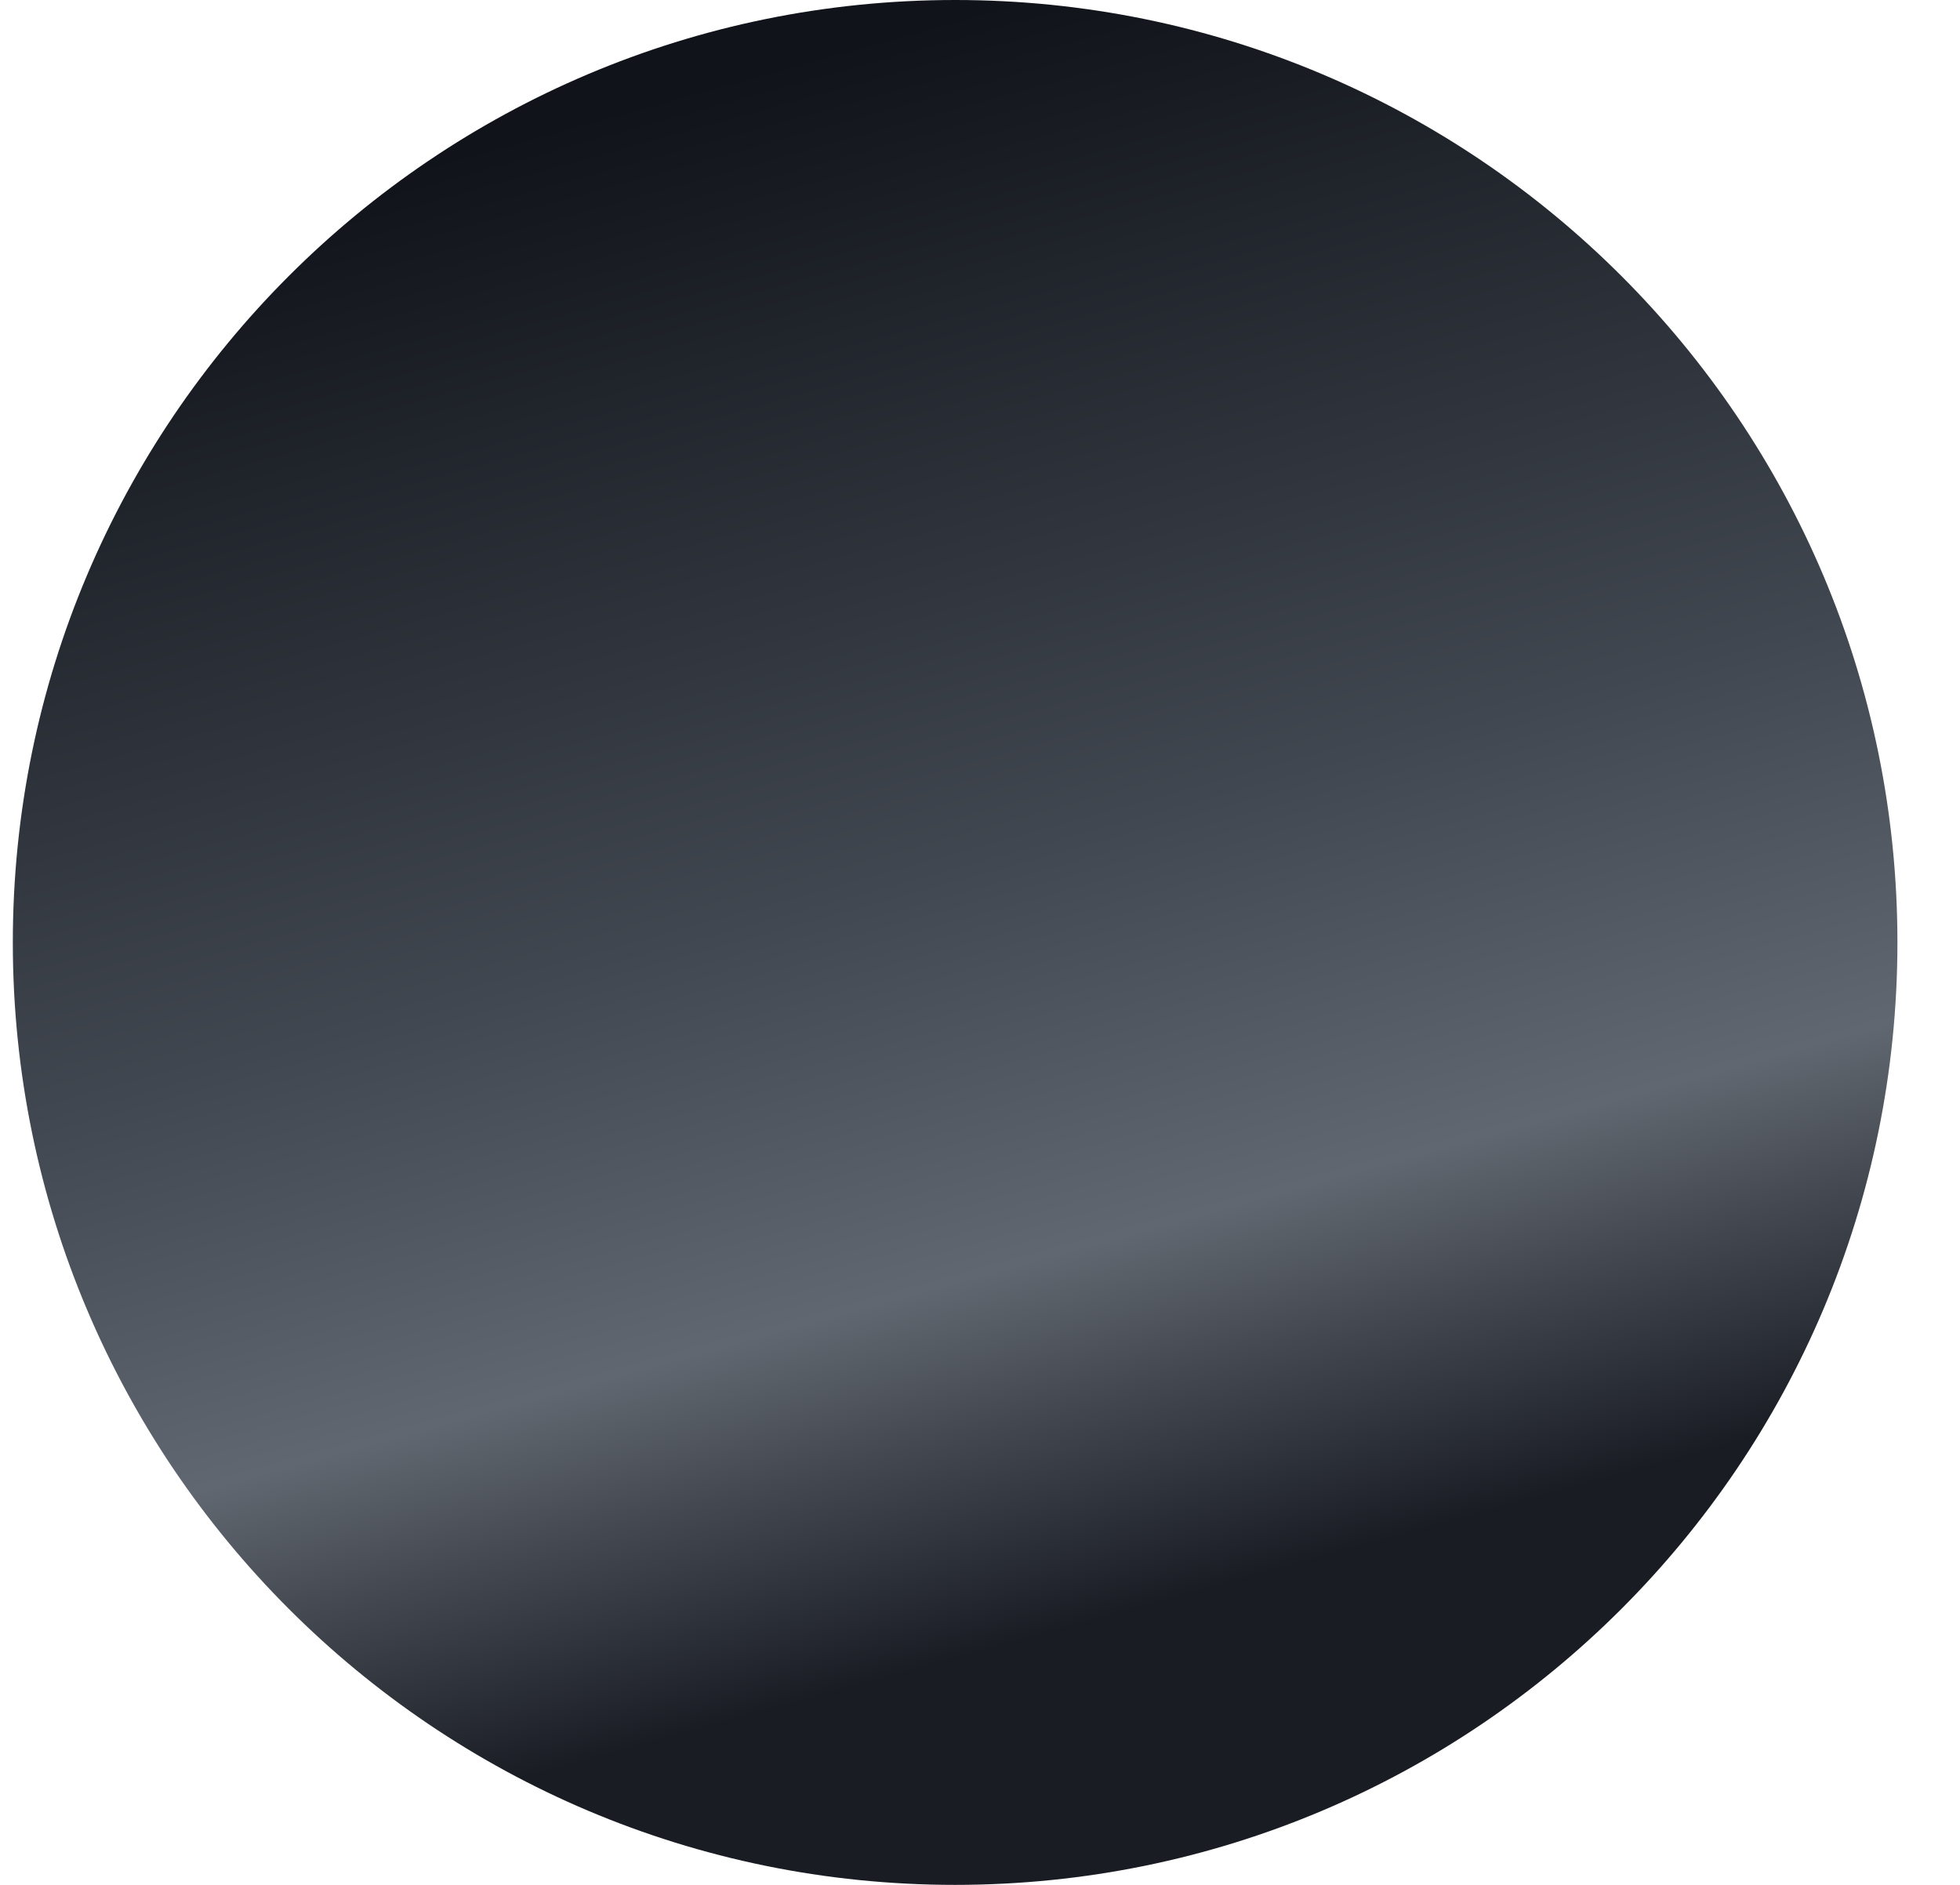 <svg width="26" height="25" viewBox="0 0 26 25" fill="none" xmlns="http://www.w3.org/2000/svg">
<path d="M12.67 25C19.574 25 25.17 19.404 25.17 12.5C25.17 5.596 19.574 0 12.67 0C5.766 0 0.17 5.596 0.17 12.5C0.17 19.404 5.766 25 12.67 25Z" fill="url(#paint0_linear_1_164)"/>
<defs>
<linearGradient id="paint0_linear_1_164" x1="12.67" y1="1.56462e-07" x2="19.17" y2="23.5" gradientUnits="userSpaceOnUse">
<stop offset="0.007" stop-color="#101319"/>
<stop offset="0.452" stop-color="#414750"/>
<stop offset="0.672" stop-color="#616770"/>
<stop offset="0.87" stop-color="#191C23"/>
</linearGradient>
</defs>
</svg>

ACTIVITY: Please retype the whole of the data precisely, omitting pictures.

REPLY TO THE TASK:
 <svg width="26" height="25" viewBox="0 0 26 25" fill="none" xmlns="http://www.w3.org/2000/svg">
<path d="M12.67 25C19.574 25 25.17 19.404 25.17 12.5C25.17 5.596 19.574 0 12.67 0C5.766 0 0.17 5.596 0.17 12.5C0.17 19.404 5.766 25 12.67 25Z" fill="url(#paint0_linear_1_164)"/>
<defs>
<linearGradient id="paint0_linear_1_164" x1="12.67" y1="1.56462e-07" x2="19.17" y2="23.5" gradientUnits="userSpaceOnUse">
<stop offset="0.007" stop-color="#101319"/>
<stop offset="0.452" stop-color="#414750"/>
<stop offset="0.672" stop-color="#616770"/>
<stop offset="0.87" stop-color="#191C23"/>
</linearGradient>
</defs>
</svg>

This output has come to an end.